Please copy each line from the entries that contains the string "upright".
*** Opening of INFORMATION ***
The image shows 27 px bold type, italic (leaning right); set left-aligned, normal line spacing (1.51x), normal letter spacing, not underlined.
*** Close of INFORMATION ***
*** Opening of INFORMATION ***
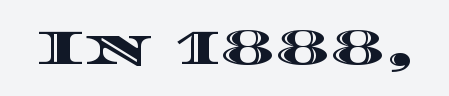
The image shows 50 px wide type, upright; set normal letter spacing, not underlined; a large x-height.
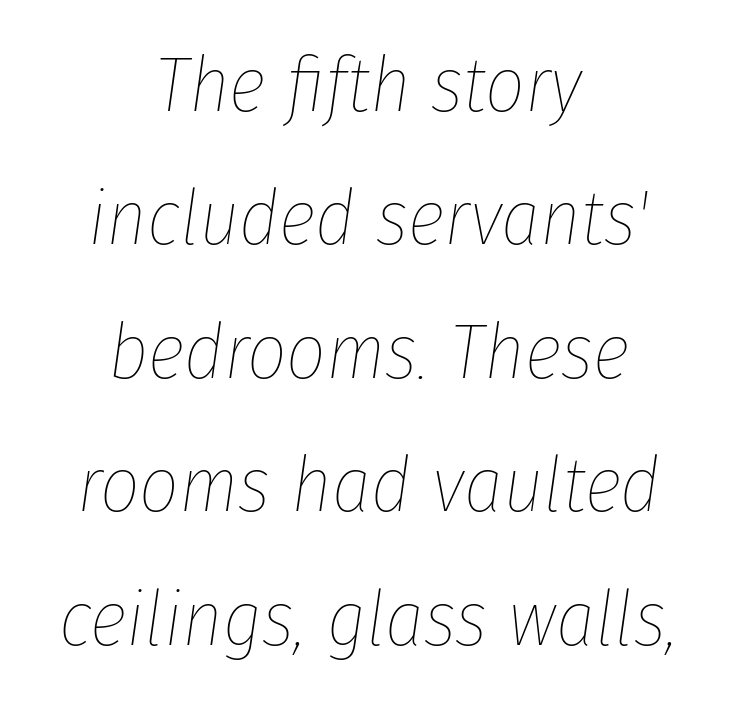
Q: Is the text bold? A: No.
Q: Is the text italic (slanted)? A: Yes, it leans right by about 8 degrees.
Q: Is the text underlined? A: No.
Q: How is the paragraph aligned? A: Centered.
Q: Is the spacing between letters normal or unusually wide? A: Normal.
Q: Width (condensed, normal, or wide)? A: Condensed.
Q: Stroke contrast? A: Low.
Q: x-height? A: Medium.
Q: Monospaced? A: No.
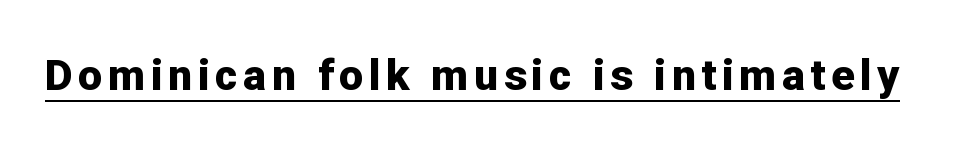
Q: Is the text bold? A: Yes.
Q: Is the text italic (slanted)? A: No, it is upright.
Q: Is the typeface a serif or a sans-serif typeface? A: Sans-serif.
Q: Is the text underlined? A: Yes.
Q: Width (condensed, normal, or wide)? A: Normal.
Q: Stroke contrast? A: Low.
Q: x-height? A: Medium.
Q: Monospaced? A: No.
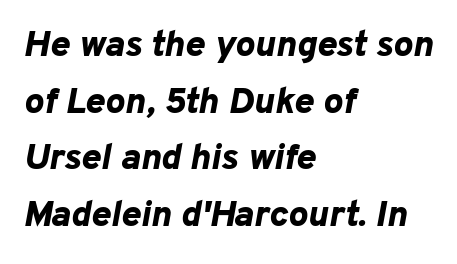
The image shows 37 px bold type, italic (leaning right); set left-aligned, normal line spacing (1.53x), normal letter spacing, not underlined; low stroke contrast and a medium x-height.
*** Close of INFORMATION ***
**SOLUTION TO THIS TASK**:
The image shows 50 px wide type, upright; set normal letter spacing, not underlined; a large x-height.
Q: Is the text italic (slanted)? A: No, it is upright.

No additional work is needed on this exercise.